Friday, January 11, 2008

CMS or Version Control - which one for documentation?

Version control has been and is being used by 1000's of companies to manage their software design. Software programmers check out files from a server to their local client. They can then, make changes and update or check the files back into the server at any time, as long as the connection between the client and the server is available. The version control software keeps the change history. Version control is often used by the documentation department of small companies to track the changes in documents. So why would anyone need a Content Management System (CMS) to look after their documentation? I believe now that CMS tools are becoming more available and cost effective this questions is being seriously asked but the habits of the past are making it hard for us to justify the cost of the change.

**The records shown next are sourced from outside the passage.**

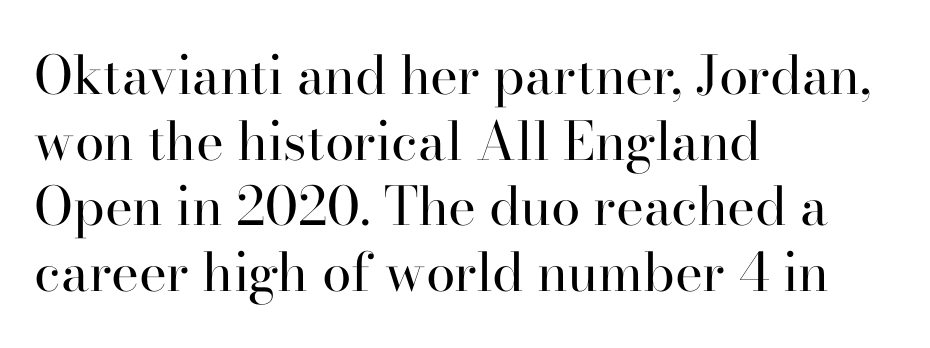
These lines were composed using upright roman letters. This sample has the flowing, uneven cadence of proportional lettering. The gap between lines stays unmarked. The letters carry serifs — small finishing strokes at the ends of their stems.
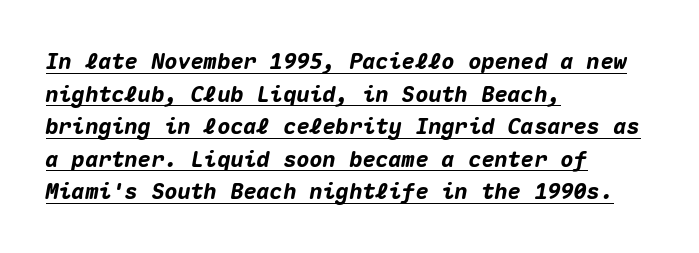
The image shows 22 px bold type, italic (leaning right); set left-aligned, normal line spacing (1.48x), normal letter spacing, underlined.
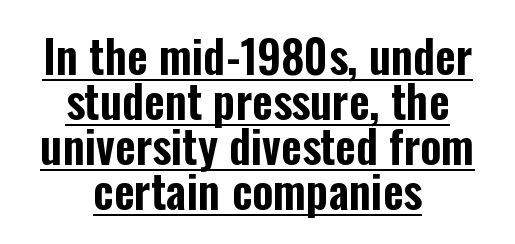
The image shows 45 px condensed sans-serif type, upright; set centered, tight line spacing (1.0x), normal letter spacing, underlined; low stroke contrast and a medium x-height.
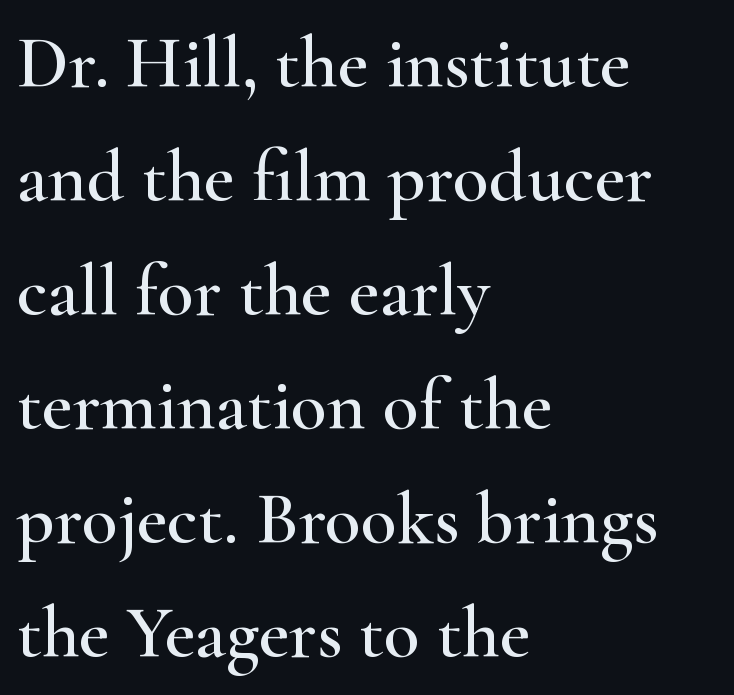
The vertical gap from one line to the next is medium. The lettering holds an erect, upright posture throughout. Is this a sans? No — the strokes have serifs. Look at the tracking — it's just the regular setting, nothing added. Decoration check: the copy has no underline.
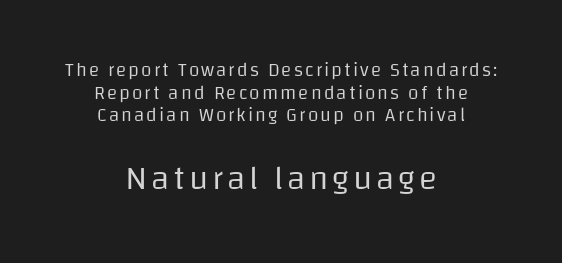
{"serif": "no", "italic": "no", "bold": "no", "weight": "regular", "width": "normal", "stroke_contrast": "low", "x_height": "large", "monospaced": "no", "underline": "no", "align": "center", "line_spacing_ratio": 1.19, "larger_block": "second", "size_ratio": 1.79, "glyph_px": 34}
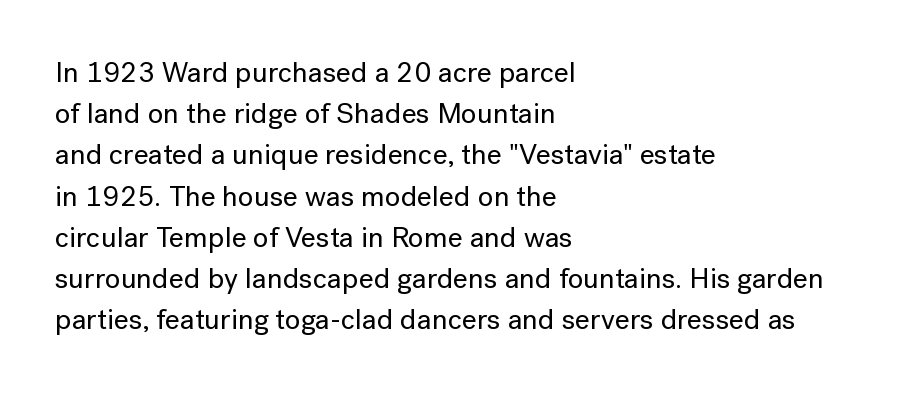
In terms of letterspacing, this is plain default setting. Each line starts at the same left margin while the right side varies. Nope, no serifs anywhere on these letters. The block of text has a typical density, with ordinary space between rows.
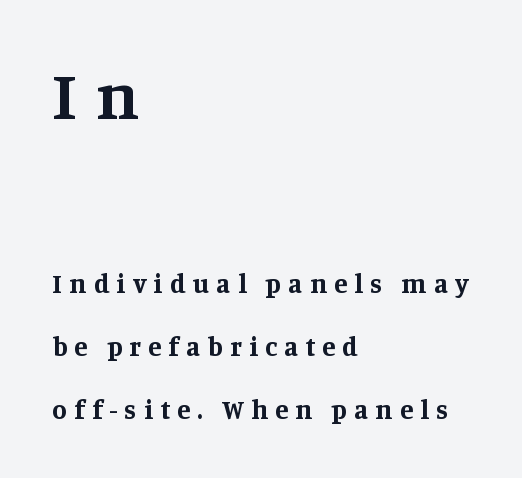
Q: Is the text bold? A: Yes.
Q: Is the text italic (slanted)? A: No, it is upright.
Q: Is the typeface a serif or a sans-serif typeface? A: Serif.
Q: Is the text underlined? A: No.
Q: How is the paragraph aligned? A: Left-aligned.
Q: Is the spacing between letters normal or unusually wide? A: Unusually wide.
Q: Is the spacing between lines tight, normal or loose? A: Loose.
Q: Which block of text is set in a larger size, the first (top) or the second (bottom)? A: The first (top) one.
Q: Width (condensed, normal, or wide)? A: Normal.
Q: Stroke contrast? A: Medium.
Q: x-height? A: Large.
Q: Monospaced? A: No.

In the 60's and earlier technical writing was a very narrow field, comprised mostly of defense and aerospace documentation content writers. It wasn't until the age of the personal digital computer and the explosion of software applications that the technical writer became an invaluable person in the design, distribution, and marketing of these new products. Before this age documents were paper based, stored in boxes. Design history was a function of process and procedure, tracked by a paper-driven system. Even as late as eleven years ago I can remember clearly the physical effort involved in updating a procedure or manual. It required:


  • many trips to the active and archived document filing system
  • the walking around of drafts for sign-off
  • walking around beta for testing
  • filing drafts
  • archiving current documents to a physically different filing cabinet located in a different room
  • holding a release meeting to have the traveler signed off by all officials
  • filling the final released document to the active document location.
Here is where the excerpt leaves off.